Trigeminal Neuralgia Treatment
Before discussing trigeminal neuralgia treatment, this article will outline this uncomfortable facial neuralgia.
Trigeminal Neuralgia is also called prosopalgia, and is qualified by sporadic biased facial pain. The symptoms of trigeminal neuralgia typically involve one side of the face. A diagnosis is usually done using physical testing; consequent trigeminal neuralgia treatment may then be employed. A significant sensory loss suggest that the the symptom of pain is secondary to a different neurological or physical process and necessitates the involvement of high-definition neuro-imaging to rule out other possible causes of the pain.
Trigeminal neuralgia is qualified by bursts of face pain. These bursts are frequently activated by a mild touch about the face, or mouth or by eating, talking or brushing one’s teeth. Symptoms may wax and wane over days, weeks or months. The pain exists in the regions connected to the trigeminal nerves: The cheeks, teeth, jaw, lips, gums and less frequently around the forehead or eye. Normally the pain takes place on any one side of the face, but in 5 to 10 % of patients, it can occur on the whole face .The pain may respond well to Tegretol, but the dose needs variation and caution must be observed.

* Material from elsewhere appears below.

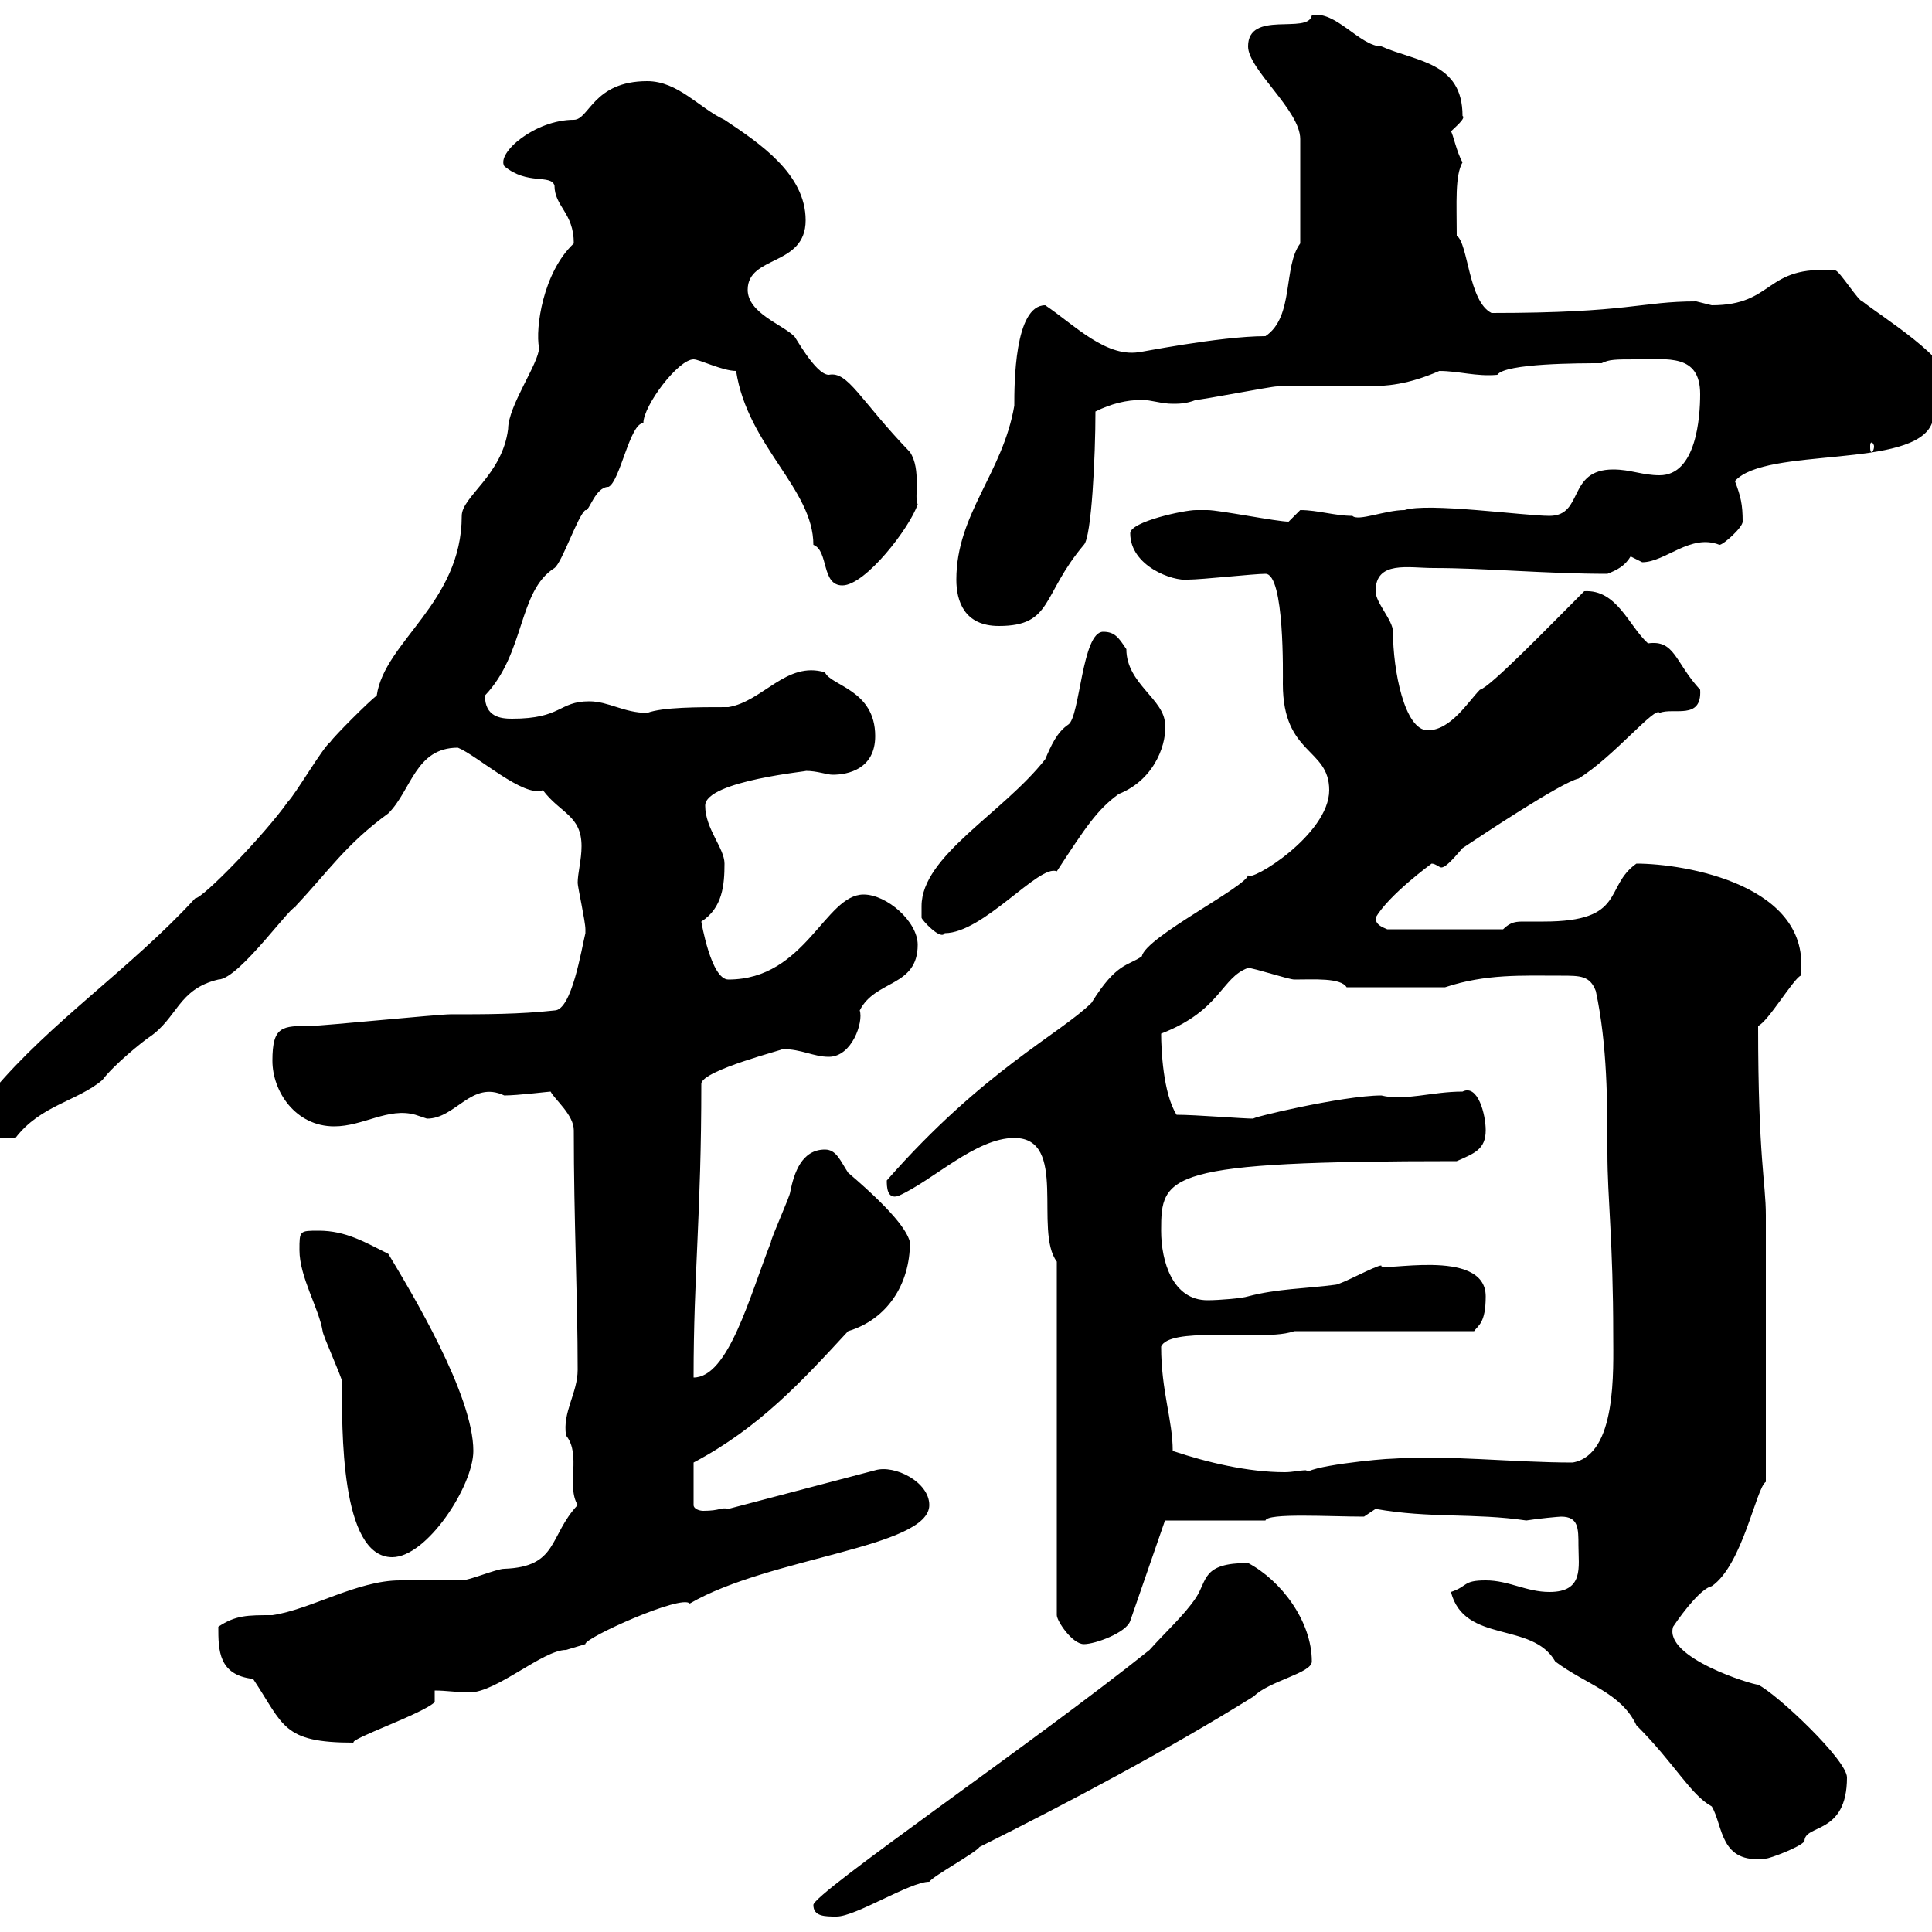 <svg xmlns="http://www.w3.org/2000/svg" xmlns:xlink="http://www.w3.org/1999/xlink" width="300" height="300"><path d="M126.30 295.80C126.30 297.60 128.10 297.60 129.90 297.60C132.90 297.60 141.30 292.20 144.30 292.20C144.90 291.30 151.50 287.70 152.10 286.80C165.90 279.90 181.20 271.80 194.70 263.40C197.10 261 203.70 259.80 203.70 258C203.70 251.70 198.90 245.40 193.80 242.70C186.60 242.70 187.50 245.40 185.70 248.10C183.90 250.80 180.90 253.50 178.50 256.20C160.50 270.60 126.30 294 126.30 295.80ZM225.30 247.20C227.40 255.30 237.90 251.70 241.50 258C246.30 261.60 251.70 262.80 254.10 267.90C260.10 273.90 262.50 278.70 265.80 280.50C267.60 283.50 267 289.50 274.20 288.60C274.80 288.60 279.60 286.80 280.20 285.90C280.20 283.20 286.80 285 286.80 276C286.80 273.30 276 263.10 273 261.60C272.10 261.60 258.30 257.40 259.80 252.60C261.60 249.90 264.30 246.60 265.80 246.30C270.60 243 272.70 231 274.20 230.10L274.20 188.70C274.20 183.60 273 180 273 159.30C274.50 158.70 278.40 152.10 279.60 151.50C281.40 137.40 261.60 134.10 254.10 134.10C249 137.70 252.60 143.10 239.70 143.10C238.80 143.10 237.90 143.10 236.70 143.10C235.50 143.10 234.60 143.10 233.40 144.30L215.40 144.30C214.80 144 213.60 143.70 213.60 142.50C215.70 138.90 222.30 134.10 222.30 134.10C222.90 134.10 223.50 134.70 223.80 134.70C224.40 134.70 225.30 133.80 227.10 131.70C229.80 129.90 242.40 121.50 245.10 120.90C250.50 117.60 257.10 109.50 257.70 110.70C259.80 109.80 264.30 111.90 264 107.10C260.10 102.90 260.10 99.30 255.90 99.90C252.90 97.20 251.10 91.50 246 91.80C240.60 97.20 231.30 106.80 229.80 107.10C228 108.90 225.30 113.40 221.70 113.40C218.10 113.40 216.30 104.10 216.30 98.10C216.30 96.30 213.60 93.60 213.60 91.80C213.60 87 218.70 88.20 222.60 88.20C230.70 88.20 240 89.10 249.60 89.10C251.10 88.50 252.30 87.90 253.20 86.40C253.20 86.40 255 87.30 255 87.30C258.60 87.30 262.50 82.80 267 84.60C267.60 84.60 270.60 81.90 270.60 81C270.60 78.30 270.30 77.10 269.40 74.70C274.20 69.30 297.30 72.90 300 65.70C303.30 62.70 303 60 303 60C303 55.80 292.20 49.20 289.20 46.80C288.60 46.80 285.60 42 285 42C273.90 41.10 275.70 47.40 265.80 47.40C265.80 47.40 263.40 46.80 263.40 46.80C254.70 46.80 253.20 48.60 231.60 48.60C228 46.80 228 37.80 226.20 36.60C226.20 31.50 225.90 27.30 227.10 25.20C226.20 23.70 225.60 20.70 225.30 20.40C225.90 19.80 227.70 18.30 227.10 18C227.10 9.60 219.90 9.60 214.50 7.20C211.20 7.20 207.30 1.50 203.70 2.40C203.10 5.40 193.80 1.50 193.80 7.20C193.80 10.80 201.90 17.10 201.90 21.60L201.90 37.80C199.20 41.40 201 49.20 196.50 52.20C189.30 52.20 176.10 54.90 177.30 54.60C171.90 55.80 166.80 50.40 162.30 47.40C157.50 47.40 157.50 59.70 157.50 63C155.70 73.50 148.50 79.80 148.50 90C148.50 93.30 149.70 97.20 155.10 97.20C163.50 97.20 161.70 92.40 168.30 84.60C169.50 83.40 170.10 70.80 170.10 63.90C172.50 62.70 174.90 62.10 177.30 62.10C178.80 62.10 180.30 62.70 182.10 62.70C183 62.70 184.20 62.70 185.70 62.10C186.60 62.10 197.40 60 198.30 60C199.50 60 201 60 202.50 60C205.80 60 208.50 60 211.80 60C215.40 60 218.70 59.70 223.50 57.60C226.50 57.60 229.20 58.50 232.50 58.20C233.70 56.40 245.40 56.40 248.70 56.40C249.90 55.80 250.80 55.80 254.10 55.80C258.90 55.80 264 54.90 264 61.20C264 64.80 263.40 73.80 257.70 73.80C255 73.80 253.20 72.90 250.50 72.90C243.30 72.90 246 80.10 240.60 80.10C236.70 80.10 221.70 78 218.10 79.20C215.10 79.20 210.90 81 210 80.10C207.30 80.10 204.60 79.20 201.90 79.20C201.90 79.20 200.10 81 200.10 81C198.30 81 189.30 79.20 187.50 79.20C187.50 79.20 185.70 79.20 185.70 79.20C183.90 79.20 175.50 81 175.50 82.80C175.50 87.90 182.10 90.30 184.50 90C186.60 90 194.70 89.10 196.50 89.10C199.50 89.10 199.20 105 199.20 106.20C199.20 117.30 206.40 116.10 206.40 122.70C206.40 129.60 194.10 137.10 193.80 135.90C193.50 137.70 177.90 145.50 177.30 148.50C175.20 150 173.40 149.40 169.50 155.70C164.70 160.50 152.70 166.20 137.70 183.30C137.70 184.20 137.70 186.30 139.50 185.70C144.90 183.30 151.50 176.70 157.50 176.70C165.90 176.70 160.50 191.10 164.10 195.90L164.10 250.80C164.10 251.70 166.50 255.30 168.30 255.30C170.10 255.30 174.90 253.50 175.50 251.70L180.90 236.10L196.50 236.10C196.80 234.90 206.40 235.50 211.80 235.50L213.60 234.30C222 235.80 228.90 234.90 237 236.10C238.80 235.80 242.10 235.50 242.40 235.50C245.10 235.50 245.10 237.30 245.10 240C245.10 243.30 246 247.20 240.60 247.20C237 247.20 234.30 245.40 230.70 245.40C227.10 245.40 228 246.30 225.30 247.20ZM33.90 252.60C33.90 256.20 33.90 260.10 39.30 260.70C44.10 267.90 43.80 270.60 54.90 270.60C54.30 270 65.70 266.10 67.50 264.30L67.50 262.50C69.30 262.50 71.10 262.80 72.90 262.80C77.10 262.80 84.30 256.20 87.90 256.20C87.90 256.20 90.90 255.30 90.90 255.30C90.60 254.40 105.90 247.50 107.10 249C119.40 241.80 144.30 240.30 144.30 233.70C144.30 230.10 138.90 227.40 135.90 228.30L113.10 234.30C111.90 234 111.90 234.60 109.20 234.60C108.60 234.60 107.70 234.30 107.70 233.70L107.70 227.10C117.90 221.70 124.50 214.50 131.70 206.70C137.70 204.90 141.30 199.50 141.30 192.90C141 191.70 139.80 189 131.70 182.10C130.50 180.30 129.90 178.50 128.10 178.50C124.50 178.50 123.30 182.10 122.70 185.10C122.70 185.70 119.70 192.30 119.70 192.90C116.40 201.30 113.10 213.90 107.70 213.90C107.70 197.70 108.90 188.70 108.90 168.30C108.90 166.20 122.10 162.90 121.50 162.90C124.50 162.90 126.30 164.10 128.70 164.10C132.30 164.10 134.10 158.70 133.50 156.90C135.90 152.10 142.50 153.30 142.50 146.70C142.50 143.10 137.70 138.90 134.10 138.90C128.10 138.90 125.10 152.10 113.10 152.10C110.40 152.10 108.90 143.10 108.90 143.10C112.20 141 112.50 137.40 112.50 134.10C112.50 131.70 109.50 128.70 109.50 125.10C109.50 121.20 126.30 119.70 125.10 119.70C126.90 119.70 128.40 120.30 129.30 120.30C131.70 120.30 135.90 119.40 135.90 114.30C135.90 107.10 129 106.50 128.10 104.40C122.10 102.60 118.50 108.90 113.10 109.80C108.30 109.80 102.90 109.80 100.50 110.70C96.90 110.70 94.50 108.90 91.50 108.90C86.70 108.90 87.30 111.60 79.50 111.60C77.70 111.60 75.30 111.30 75.30 108C81.60 101.40 80.40 91.80 86.10 88.20C87.30 87.30 89.70 80.10 90.90 79.20C91.50 79.50 92.40 75.60 94.50 75.60C96.30 74.70 97.80 65.70 99.90 65.70C99.90 63 105.30 55.80 107.70 55.80C108.60 55.80 112.20 57.60 114.30 57.60C116.10 69.30 126.30 75.90 126.30 84.60C128.70 85.50 127.50 90.90 130.80 90.90C134.40 90.90 141.30 81.90 142.50 78.30C141.90 77.40 143.10 72.90 141.30 70.20C133.50 62.10 131.70 57.60 128.70 58.20C126.60 58.20 123.30 51.90 123.30 52.20C121.50 50.40 116.10 48.60 116.10 45C116.10 39.60 125.10 41.40 125.10 34.20C125.10 27 117.90 22.20 112.50 18.60C108.60 16.80 105.30 12.60 100.50 12.60C92.10 12.60 91.50 18.60 89.10 18.60C83.10 18.60 77.10 23.70 78.30 25.80C81.90 28.80 85.50 27 86.10 28.80C86.10 32.10 89.10 33 89.10 37.80C84.30 42.30 83.10 51 83.70 54C83.70 56.40 78.90 63 78.90 66.60C78 73.80 71.70 77.10 71.70 80.10C71.70 93.60 59.70 99.60 58.50 108C57.30 108.90 51.90 114.30 51.30 115.20C50.10 116.10 45.90 123.30 44.70 124.50C41.10 129.60 31.50 139.50 30.30 139.50C20.40 150.30 7.80 158.70-1.20 169.50C-3 171.30-3 171.90-3 173.70C-3 177.30-1.50 176.70 2.40 176.70C6.30 171.60 12 171 15.90 167.70C17.70 165.30 22.20 161.70 23.10 161.10C27.60 158.10 27.60 153.60 33.90 152.10C37.20 152.10 45.90 139.50 45.90 141C45.90 141 45.90 140.70 45.90 140.70C51 135.30 53.70 131.10 60.30 126.30C63.90 122.70 64.50 116.10 71.10 116.10C74.10 117.30 81.30 123.90 84.30 122.70C87 126.30 90.30 126.60 90.30 131.40C90.30 133.50 89.70 135.60 89.70 137.10C89.70 137.70 90.90 143.10 90.90 144.30C90.90 144.30 90.90 144.30 90.90 144.90C90.30 147.30 88.80 156.90 86.10 156.90C80.70 157.50 75.30 157.50 69.90 157.50C68.10 157.50 50.10 159.30 48.30 159.30C43.80 159.30 42.30 159.30 42.30 164.70C42.30 169.50 45.90 174.90 51.90 174.90C56.40 174.90 60.30 171.90 64.50 173.10C64.50 173.10 66.30 173.70 66.30 173.70C70.80 173.70 73.20 167.70 78.30 170.10C80.40 170.10 85.20 169.50 85.50 169.50C86.10 170.70 89.10 173.10 89.10 175.50C89.10 189.60 89.70 201.30 89.70 212.70C89.70 216.30 87.30 219.30 87.90 222.90C90.30 225.90 87.90 230.70 89.70 233.70C85.20 238.50 86.70 243.30 78.30 243.60C77.10 243.60 72.90 245.40 71.70 245.40C71.10 245.40 62.70 245.40 62.10 245.40C55.50 245.40 48.30 249.90 42.30 250.80C38.40 250.80 36.60 250.80 33.90 252.60ZM46.50 194.10C46.50 198.30 49.50 203.10 50.10 206.70C50.10 207.30 53.10 213.90 53.10 214.50C53.10 221.70 52.80 241.80 60.90 241.80C66.30 241.80 73.50 230.70 73.50 225.30C73.50 216.60 63.90 200.70 60.30 194.70C56.70 192.90 53.70 191.10 49.50 191.10C46.50 191.10 46.50 191.10 46.50 194.10ZM202.80 228.30C201.90 228.30 200.70 228.60 199.50 228.60C193.80 228.60 187.50 227.10 182.10 225.30C182.10 220.50 180.30 216 180.30 209.10C180.90 207.60 184.50 207.30 188.10 207.30C190.20 207.30 192.30 207.30 194.70 207.30C197.10 207.30 199.20 207.30 201 206.70L228.90 206.70C229.50 205.80 230.70 205.50 230.70 201.30C230.70 193.50 213.90 197.70 214.50 196.50C213.60 196.50 208.20 199.50 207.30 199.50C202.80 200.10 198.30 200.10 193.80 201.30C192.90 201.60 189.30 201.90 187.50 201.90C182.10 201.90 180.30 195.90 180.30 191.10C180.30 182.40 180.90 180.30 226.20 180.30C228.90 179.10 230.70 178.50 230.70 175.50C230.70 173.10 229.50 168.30 227.10 169.50C222.30 169.50 218.10 171 214.50 170.10C208.50 170.10 193.50 173.70 194.70 173.70C192.90 173.70 185.70 173.10 182.70 173.10C180.60 169.80 180.30 162.90 180.30 160.50C189.60 156.90 189.60 151.80 193.80 150.30C194.70 150.30 200.10 152.10 201 152.10C204 152.10 208.20 151.80 209.10 153.30L224.40 153.30C230.70 151.20 236.40 151.50 242.40 151.50C245.40 151.50 246.90 151.50 247.80 153.90C249.60 162.30 249.60 171.30 249.60 179.10C249.60 186 250.50 192.90 250.50 207.30C250.50 212.70 251.10 225.90 244.20 227.10C234.90 227.10 224.70 225.90 216.30 226.50C214.50 226.50 202.50 227.70 202.80 228.90L203.70 228.90ZM143.10 140.70C143.10 140.70 143.10 142.50 143.10 142.50C143.10 142.80 146.10 146.10 146.70 144.90C152.70 144.90 161.40 134.10 164.10 135.30C168.60 128.40 170.40 125.70 173.70 123.30C179.70 120.90 181.20 114.90 180.90 112.50C180.90 108.60 174.90 106.20 174.90 100.80C173.70 99 173.10 98.10 171.30 98.10C168 98.10 167.70 111.30 165.90 112.50C164.10 113.70 163.20 115.80 162.30 117.90C155.70 126.30 143.10 132.90 143.10 140.70ZM291 69.30C291 69.90 290.70 70.20 290.70 70.20C290.40 70.20 290.40 69.90 290.40 69.30C290.40 69 290.40 68.70 290.70 68.70C290.70 68.70 291 69 291 69.30Z"/></svg>

Patients experiencing Trigeminal Neuralgia and non-stop pain are some times diagnosed as having untypical TN. Gamma Knife Radiosurgery as a form of trigeminal neuralgia treatment commonly alleviates the acute electric-like pains experienced by some people.
The causes of TN are not always certain. Roughly 5% of patients will have a neoplasm putting pressure on the trigeminal nervus where it departs from the brain, where as other affected people have a blood vessel that squeezes on the pathological nerve, near the head. In some cases the cause can not be ascertained.
Around 5% of patients with TN have multiple induration. Patients experiencing Trigeminal Neuralgia and multiple induration and most probably have pain on the face and, frequently have some other neurological irregularities, such as numbness or weakness in the legs or arms, double vision, unsteadiness and dizziness . No single test can diagnose trigeminal neuralgia. The condition must be distinguished from other forms of facial pain that may be caused by diseases of the teeth, jaw or sinuses.
Treatment for TN should be determined depending on the patient’s general condition and age. Use of surgical techniques or of pharmacological prophylaxis can be attempted, but no technological proof of efficaciousness has been acquired. Most patients respond very well to radiosurgery with the Gamma Knife, which is one of the best standard, mainstream treatments for this condition. Amongst all the surgical subroutines, it rarely has unwanted ramifications and uneasy new facial senses (known as dysesthesias); hence, it is well regarded as a trigeminal neuralgia treatment.